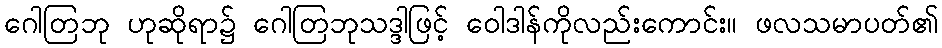
ဂေါတြဘု ဟုဆိုရာ၌ ဂေါတြဘုသဒ္ဒါဖြင့် ဝေါဒါန်ကိုလည်းကောင်း။ ဖလသမာပတ်၏
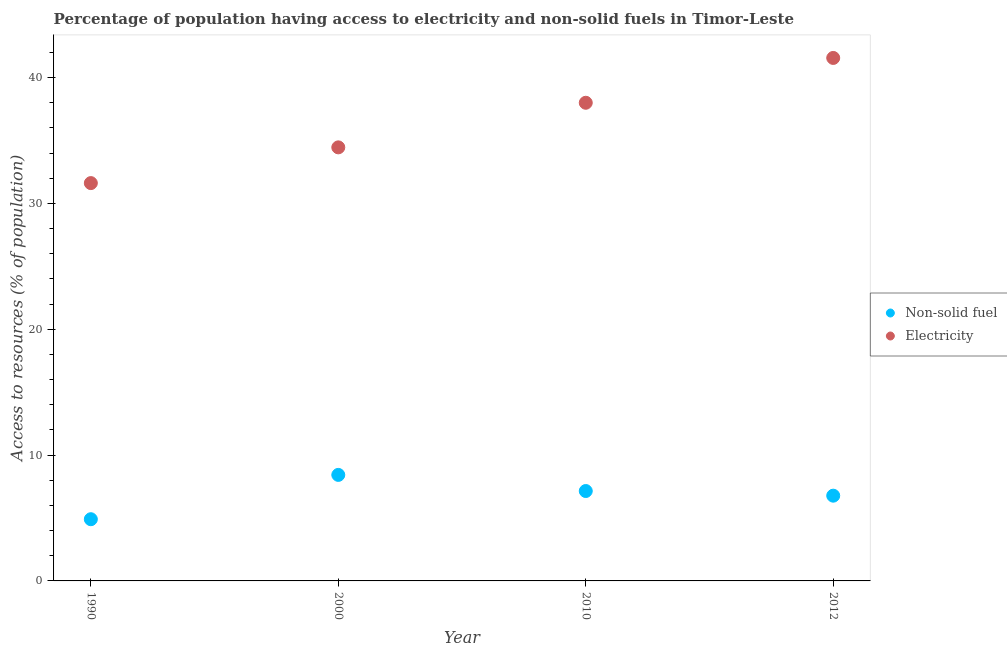
| Year | Non-solid fuel | Electricity |
 | --- | --- | --- |
 | 1990 | 4.9 | 31.6 |
 | 2000 | 8.43 | 34.5 |
 | 2010 | 7.14 | 38 |
 | 2012 | 6.77 | 41.6 |
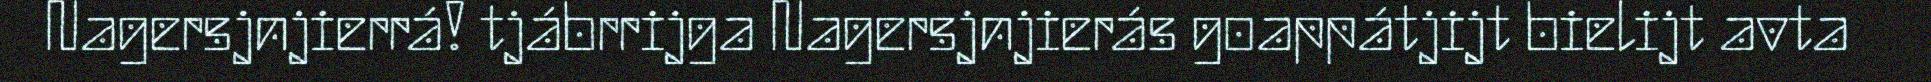
Nagersjnjierrá! tjábrrijga Nagersjnjierás goappátjijt bielijt avta
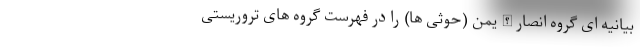
بیانیه ای گروه انصار الله یمن (حوثی ها) را در فهرست گروه های تروریستی
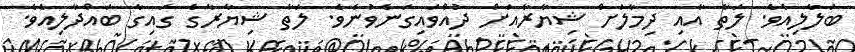
ބަލާލިއެވެ. ލަތާ އާއި ދިމާލަށް ޝިޔާރާއަށް ދުއްވައިގަނެވުނެވެ. ލަތާ ޝިޔާރާގެ ގައިގާ ބައްދާލިއެވެ.
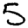
Digit: 5
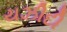
યઝીદી
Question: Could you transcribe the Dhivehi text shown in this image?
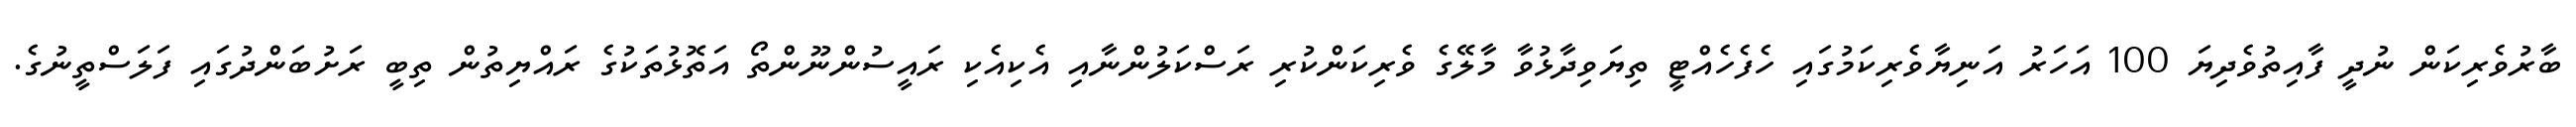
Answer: ބާރުވެރިކަން ނުދީ ފާއިތުވެދިޔަ 100 އަހަރު އަނިޔާވެރިކަމުގައި ހެފެހެއްޓީ ތިޔަވިދާޅުވާ މާލޭގެ ވެރިކަންކުރި ރަސްކަލުންނާއި އެކިއެކި ރައީސުންނޫންތޯ އަތޮޅުތަކުގެ ރައްޔިތުން ތިބީ ރަށުބަންދުގައި ފަލަސްތީނުގެ.
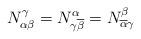
LaTeX: \begin{align*}N_{\alpha\beta}^{\gamma}=N^{\alpha}_{\gamma\overline{\beta}}=N^{\beta}_{\overline{\alpha}\gamma}\end{align*}
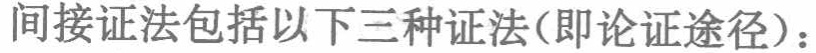
间接证法包括以下三种证法(即论证途径)：
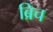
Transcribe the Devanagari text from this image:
ब्रिच
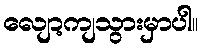
လျော့ကျသွားမှာပါ။
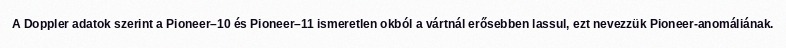
A Doppler adatok szerint a Pioneer–10 és Pioneer–11 ismeretlen okból a vártnál erősebben lassul, ezt nevezzük Pioneer-anomáliának.
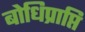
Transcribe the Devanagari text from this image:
बोधिप्राप्ति
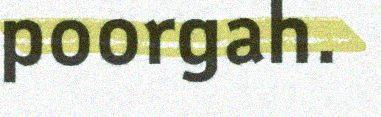
poorgah.
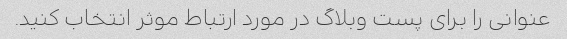
عنوانی را برای پست وبلاگ در مورد ارتباط موثر انتخاب کنید.
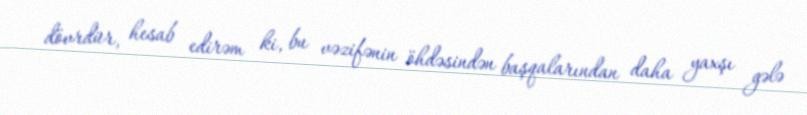
dövrdür, hesab edirəm ki, bu vəzifənin öhdəsindən başqalarından daha yaxşı gələ
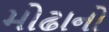
મોઢાનો
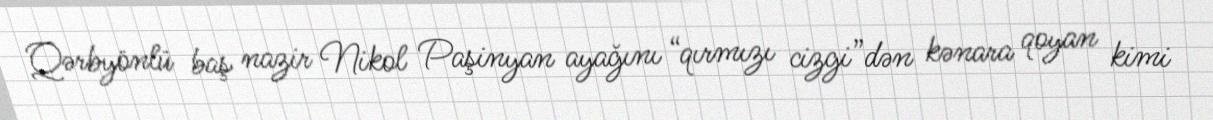
Qərbyönlü baş nazir Nikol Paşinyan ayağını “qırmızı cizgi”dən kənara qoyan kimi
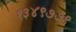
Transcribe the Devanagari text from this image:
१३४९७७९
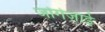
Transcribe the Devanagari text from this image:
जोगेज़ाई
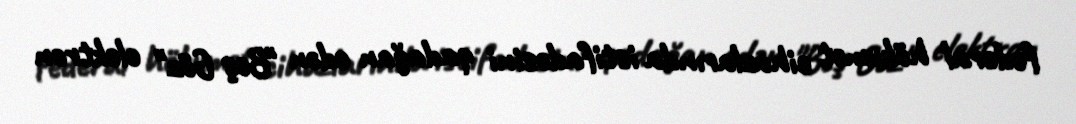
federal hökumət cihazlarında istifadəsini qadağan edən "Beş Göz" elektron
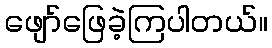
ဖျော်ဖြေခဲ့ကြပါတယ်။
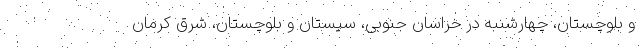
و بلوچستان، چهارشنبه در خراسان جنوبی، سیستان و بلوچستان، شرق کرمان
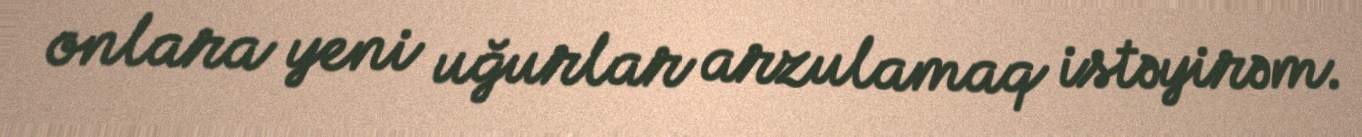
onlara yeni uğurlar arzulamaq istəyirəm.
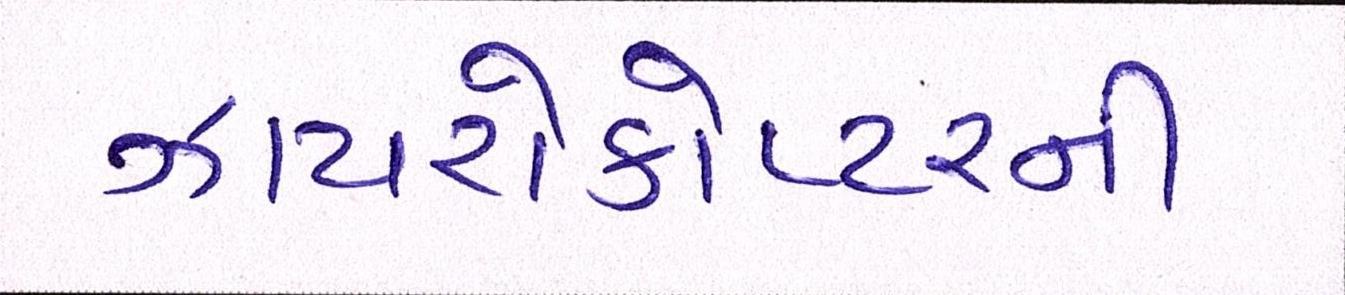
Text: ઝાયરોકોપ્ટરની
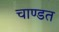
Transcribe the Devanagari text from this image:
चाण्डत
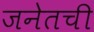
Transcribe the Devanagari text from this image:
जनेतची
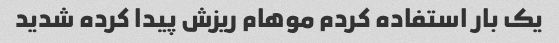
یک بار استفاده کردم موهام ریزش پیدا کرده شدید
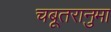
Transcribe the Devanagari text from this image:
चबूतरानुमा
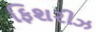
ફિશરીઝ
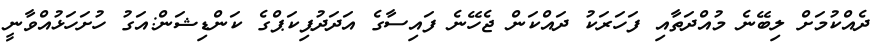
ދެއްކުމަށް ލިބޭނެ މުއްދަތާއި ފަހަރަކު ދައްކަން ޖެހޭނެ ފައިސާގެ އަދަދުޕިކަޕްގެ ކަންޑިޝަން:އަގު ހުށަހަޅުއްވާނީ
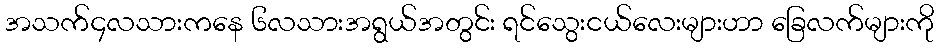
အသက်၄လသားကနေ ၆လသားအရွယ်အတွင်း ရင်သွေးငယ်လေးများဟာ ခြေလက်များကို
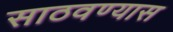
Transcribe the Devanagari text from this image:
साठवण्यास
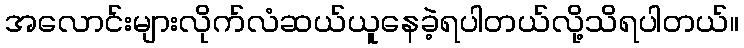
အလောင်းများလိုက်လံဆယ်ယူနေခဲ့ရပါတယ်လို့သိရပါတယ်။
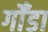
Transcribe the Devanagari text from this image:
गोँडा
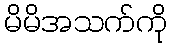
မိမိအသက်ကို
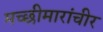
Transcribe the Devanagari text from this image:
मच्छीमारांचीर
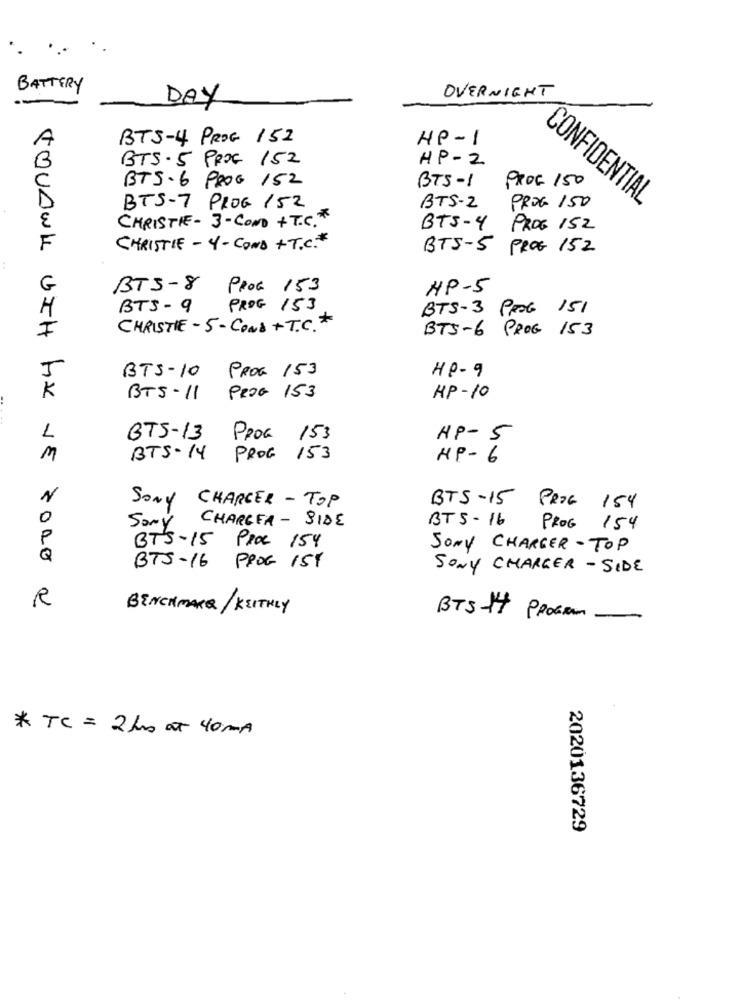
BATTERY
OVERNIGHT
DAY
A
BTS-4 PROC 152
HP-1
BTS-5 PROC 152
HP-2
B
BTS-6 PROG 152
BTS-1 PROC 150
CONFIDENTIAL
BTS-7 PROG 152
BTS-2 PROG 150
CHRISTIE- 3-COND + T.C.
٤
BTS-4 PROG 152
F
CHRISTIE - 4- COND +T.C .*
BTS-5 PROG 152
G
BTS-8 Proc 153
HP-5
H
BTS- 9 PROG 153
BTS-3 PROG 151
F
CHRISTIE-5- CONS + T.C .*
BTS-6 PROG 153
5
BTS-10 PROG 153
HP-9
K
BTS-11 PROG 153
HP- 10
1
BTS-13
PROG 153
HP- 5
M
BTS-14 PROG 153
HP-6
SONY CHARGER - TOP
BTS-15 PROG 154
0
BT5-16
Sony CHARGER - SIDE
PROG 154
P
BTS-15 PROC 154
SONY CHARGER-TOP
Q
BTS-16 PROG 1ST
SONY CHARGER - SIDE
R
BENCHMARK/ KEITHLY
BTS-14 PROGRAM
* TC = 2hrs at 40mg
2020136729
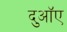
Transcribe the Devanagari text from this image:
दुआॅए
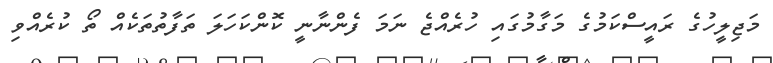
މަޖިލީހުގެ ރައީސްކަމުގެ މަގާމުގައި ހުރެއްޖެ ނަމަ ފެންނާނީ ކޮންކަހަލަ ތަފާތުތަކެއް ތޯ ކުރެއްވި
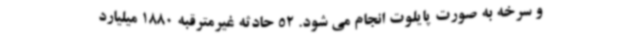
و سرخه به صورت پایلوت انجام می شود. 52 حادثه غیرمترقبه 1880 میلیارد
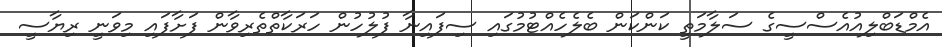
އެމްޑަބްލިއުއެސްސީގެ ސަލާމަތީ ކަންކަން ބެލެހެއްޓުމުގައި ސިފައިނާ ފުލުހުން ހަރަކާތްތެރިވާން ފަށާފައި މިވަނީ ރިޔާސީ
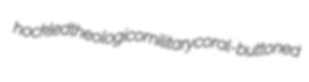
hockled theologicomilitary coral-buttoned
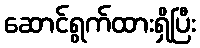
ဆောင်ရွက်ထားရှိပြီး
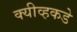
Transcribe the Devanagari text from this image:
क्यीव्हकडे
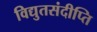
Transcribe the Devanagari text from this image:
विद्युतसंदीप्ति
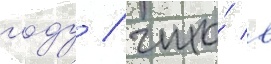
году / что́ в
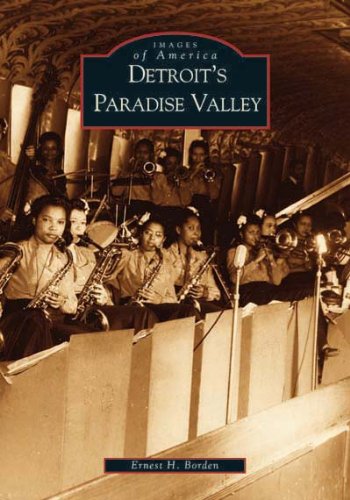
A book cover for Detroit's Paradise Valley (MI) (Images  of  America); Ernest H. Borden; Travel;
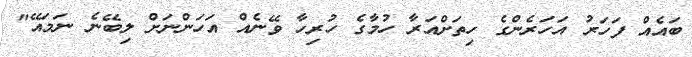
ބައެއް ފަހަރު އަހަރެންގެ ހިތަށްއަރާ ހުމާގެ ހުރިހާ ވޭނެއް އަހަންނަށް ލިބޭނެ ނަމައޭ"
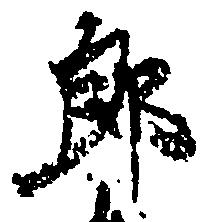
郎
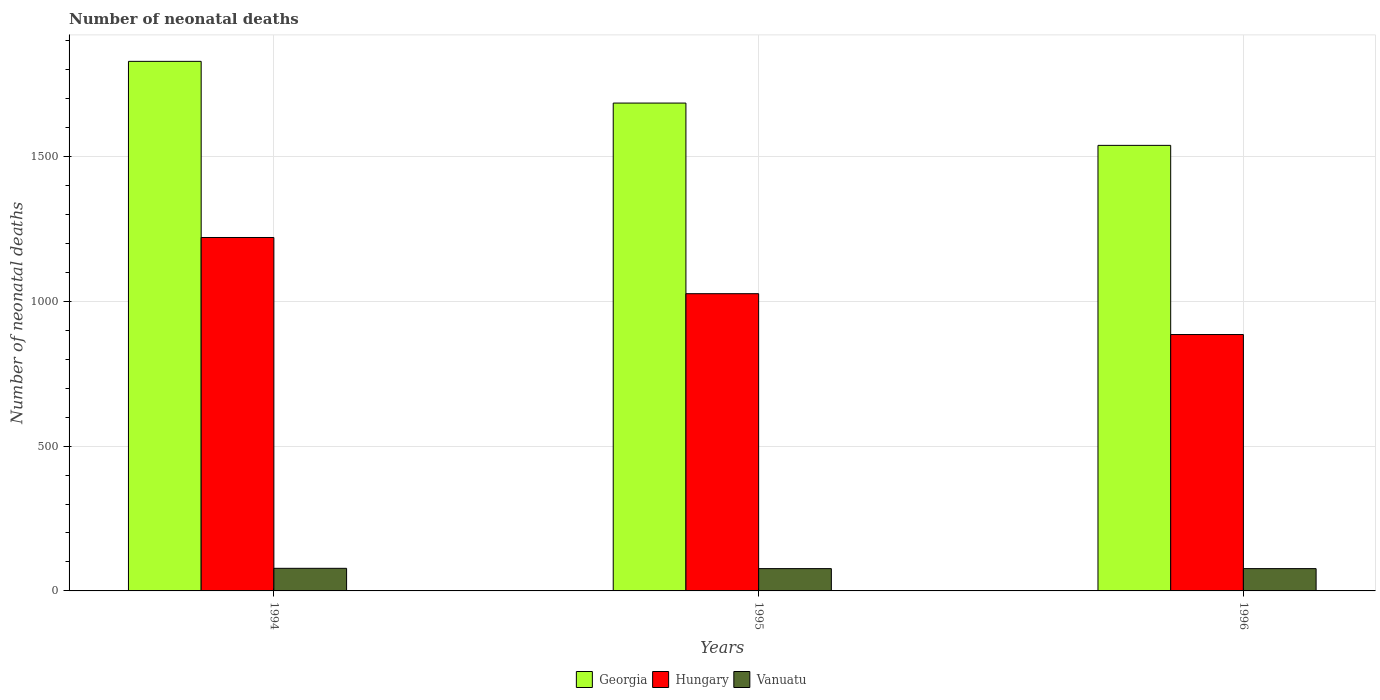
| Years | Georgia | Hungary | Vanuatu |
 | --- | --- | --- | --- |
 | 1994 | 1.83e+03 | 1.22e+03 | 78 |
 | 1995 | 1.68e+03 | 1.03e+03 | 77 |
 | 1996 | 1.54e+03 | 885 | 77 |

PROBLEM TO WORK ON – All lines above starting at the one with "Answer: ބާރުވެރިކަން ނުދީ" and ending at the one with "Text: ઝાયરોકોપ્ટરની", inclusive, are to be printed again exactly, with the pictures left out.

EXERCISE RESULT –
Answer: ބާރުވެރިކަން ނުދީ ފާއިތުވެދިޔަ 100 އަހަރު އަނިޔާވެރިކަމުގައި ހެފެހެއްޓީ ތިޔަވިދާޅުވާ މާލޭގެ ވެރިކަންކުރި ރަސްކަލުންނާއި އެކިއެކި ރައީސުންނޫންތޯ އަތޮޅުތަކުގެ ރައްޔިތުން ތިބީ ރަށުބަންދުގައި ފަލަސްތީނުގެ.
LaTeX: \begin{align*}N_{\alpha\beta}^{\gamma}=N^{\alpha}_{\gamma\overline{\beta}}=N^{\beta}_{\overline{\alpha}\gamma}\end{align*}
间接证法包括以下三种证法(即论证途径)：
Transcribe the Devanagari text from this image:
ब्रिच
လျော့ကျသွားမှာပါ။
A Doppler adatok szerint a Pioneer–10 és Pioneer–11 ismeretlen okból a vártnál erősebben lassul, ezt nevezzük Pioneer-anomáliának.
Transcribe the Devanagari text from this image:
बोधिप्राप्ति
poorgah.
عنوانی را برای پست وبلاگ در مورد ارتباط موثر انتخاب کنید.
dövrdür, hesab edirəm ki, bu vəzifənin öhdəsindən başqalarından daha yaxşı gələ
મોઢાનો
Qərbyönlü baş nazir Nikol Paşinyan ayağını “qırmızı cizgi”dən kənara qoyan kimi
Transcribe the Devanagari text from this image:
१३४९७७९
Transcribe the Devanagari text from this image:
जोगेज़ाई
federal hökumət cihazlarında istifadəsini qadağan edən "Beş Göz" elektron
ဖျော်ဖြေခဲ့ကြပါတယ်။
و بلوچستان، چهارشنبه در خراسان جنوبی، سیستان و بلوچستان، شرق کرمان
onlara yeni uğurlar arzulamaq istəyirəm.
Text: ઝાયરોકોપ્ટરની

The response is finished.